#### Requirement:
A complete answer lists every line of the entries below where the string "rect" appears.

#### Material to process:
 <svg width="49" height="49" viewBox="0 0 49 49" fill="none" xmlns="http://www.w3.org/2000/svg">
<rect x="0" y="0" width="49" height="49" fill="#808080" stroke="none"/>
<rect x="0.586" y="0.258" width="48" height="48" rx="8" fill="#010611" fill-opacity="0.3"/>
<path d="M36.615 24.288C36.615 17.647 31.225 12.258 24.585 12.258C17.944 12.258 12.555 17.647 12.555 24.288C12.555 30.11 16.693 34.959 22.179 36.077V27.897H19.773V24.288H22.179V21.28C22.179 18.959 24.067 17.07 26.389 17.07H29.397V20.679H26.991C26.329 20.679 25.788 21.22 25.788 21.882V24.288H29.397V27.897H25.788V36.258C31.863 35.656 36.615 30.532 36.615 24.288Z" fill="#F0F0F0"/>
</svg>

---

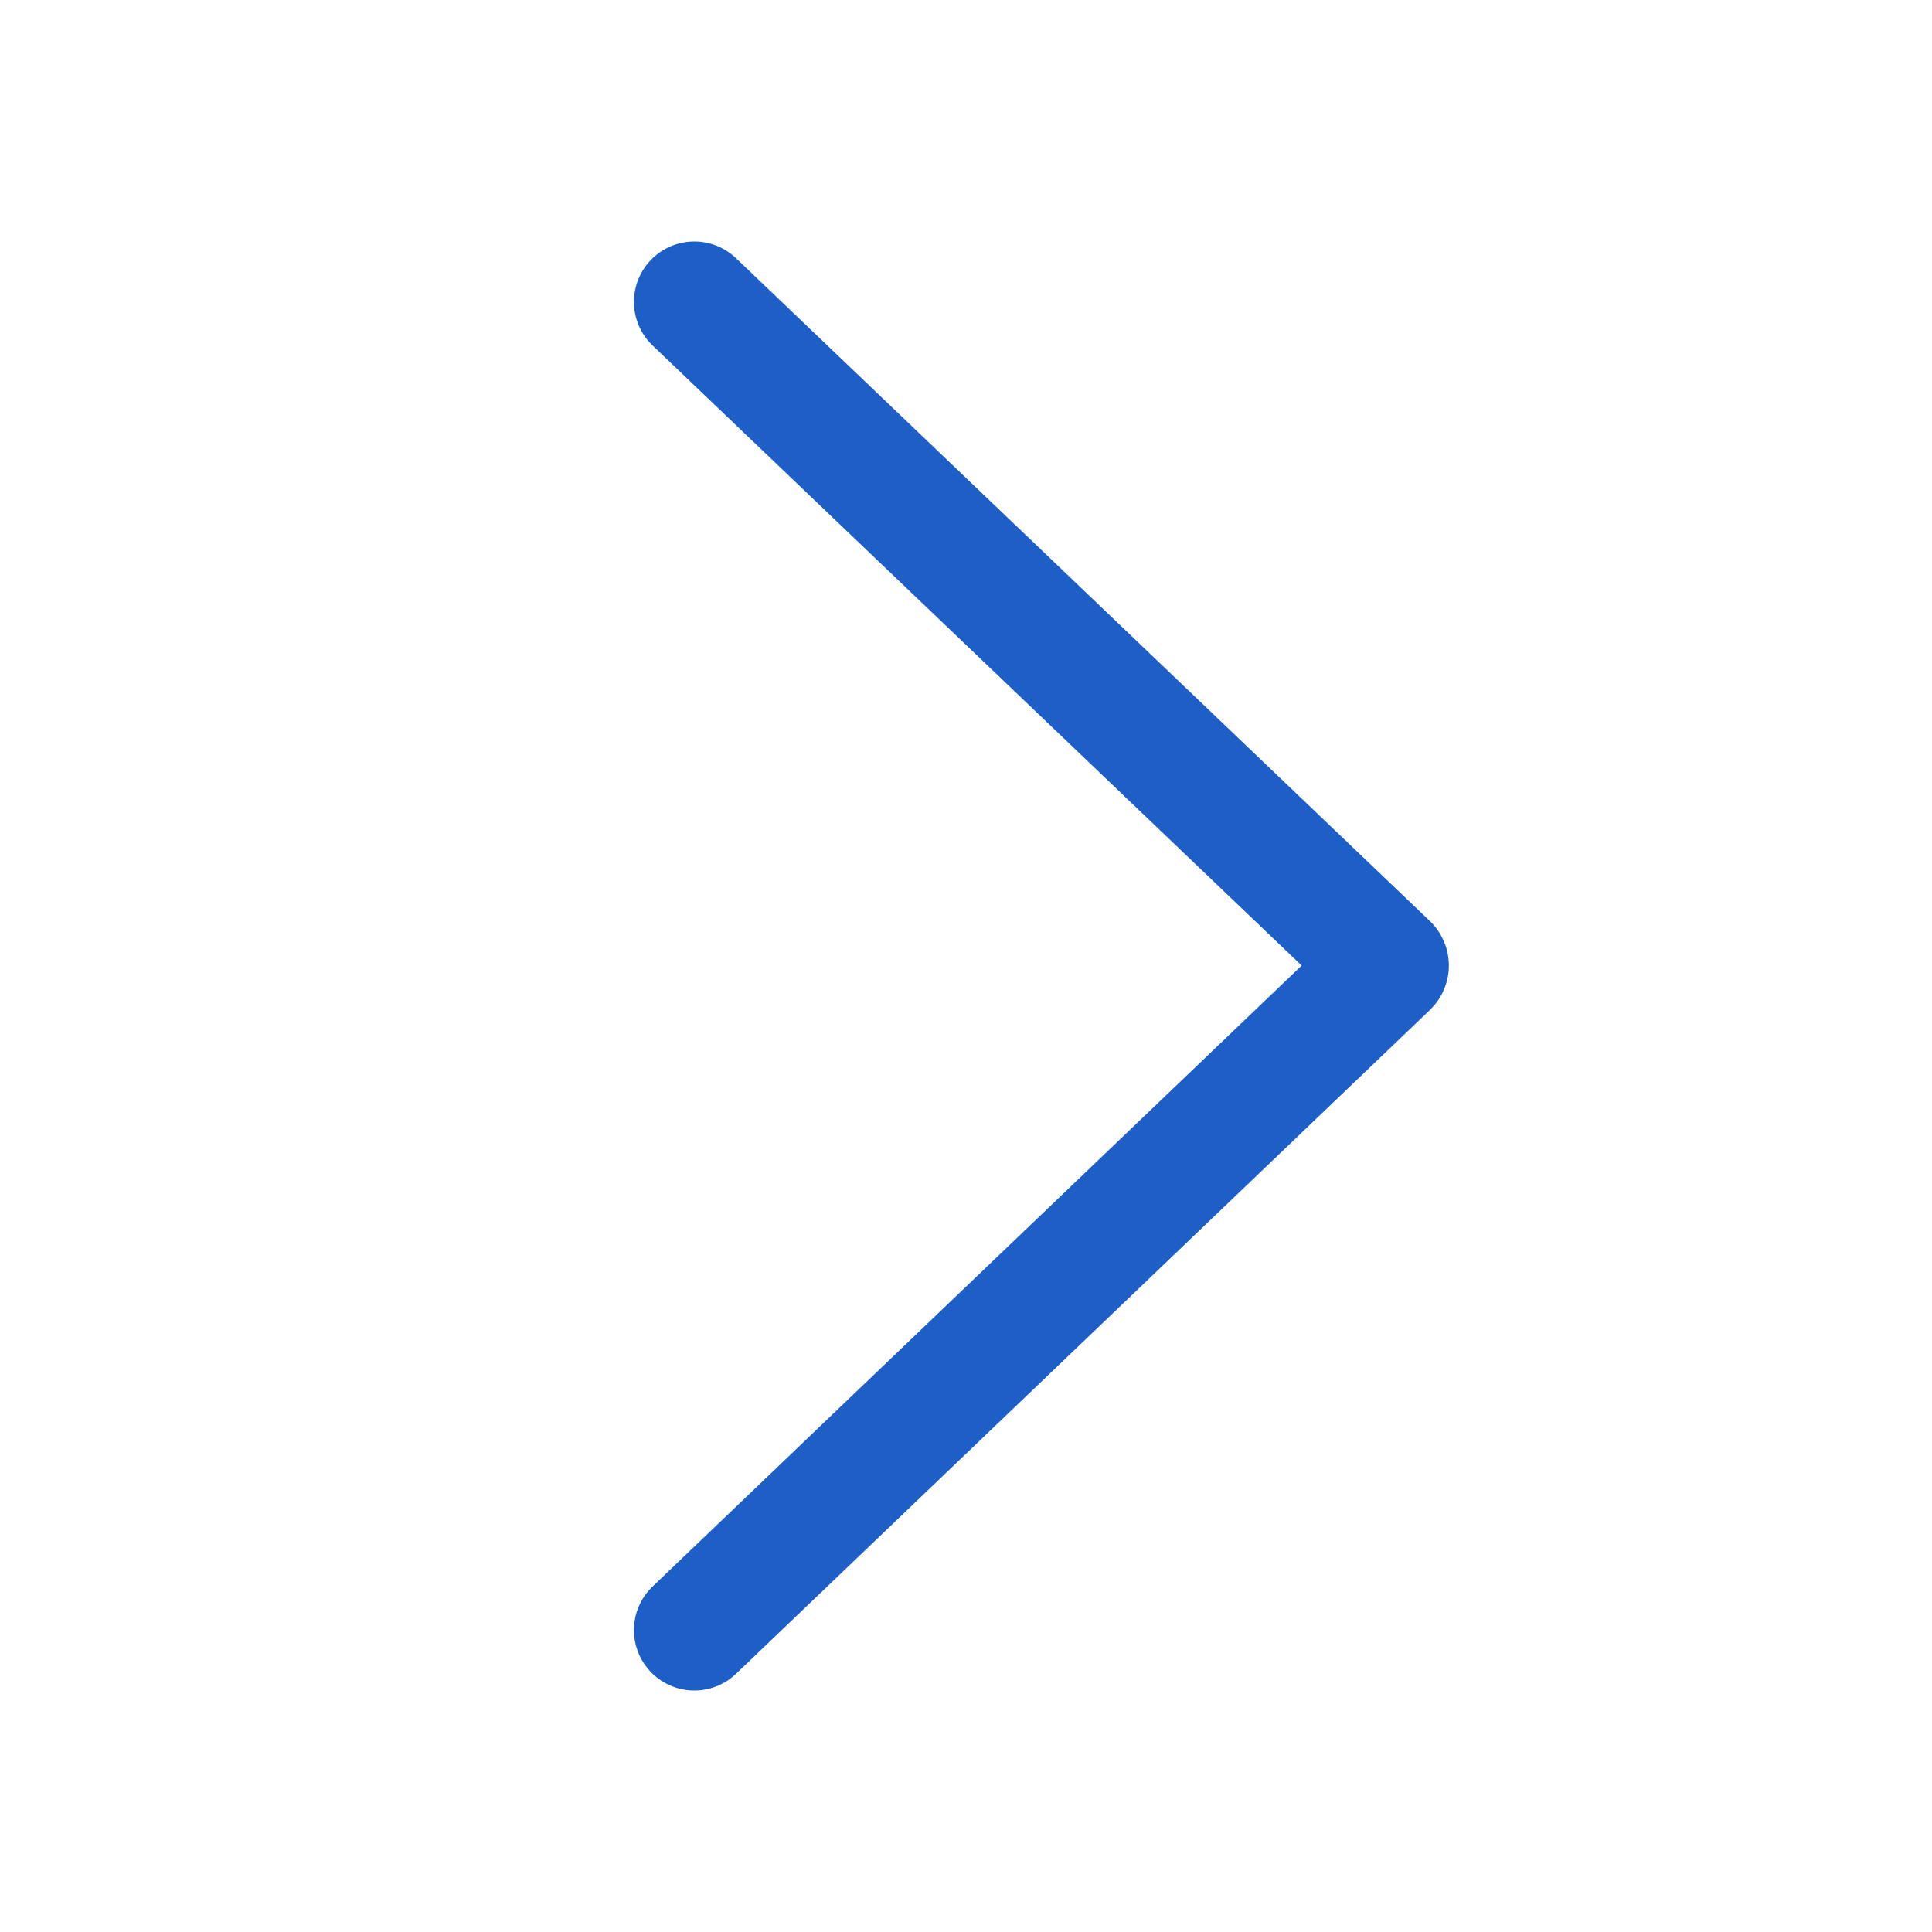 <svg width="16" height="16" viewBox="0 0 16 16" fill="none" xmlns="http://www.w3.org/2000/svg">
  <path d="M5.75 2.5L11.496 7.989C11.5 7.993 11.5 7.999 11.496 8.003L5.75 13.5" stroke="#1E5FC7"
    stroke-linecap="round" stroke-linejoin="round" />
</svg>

#### Response for this exercise:
<rect x="0" y="0" width="49" height="49" fill="#808080" stroke="none"/>
<rect x="0.586" y="0.258" width="48" height="48" rx="8" fill="#010611" fill-opacity="0.3"/>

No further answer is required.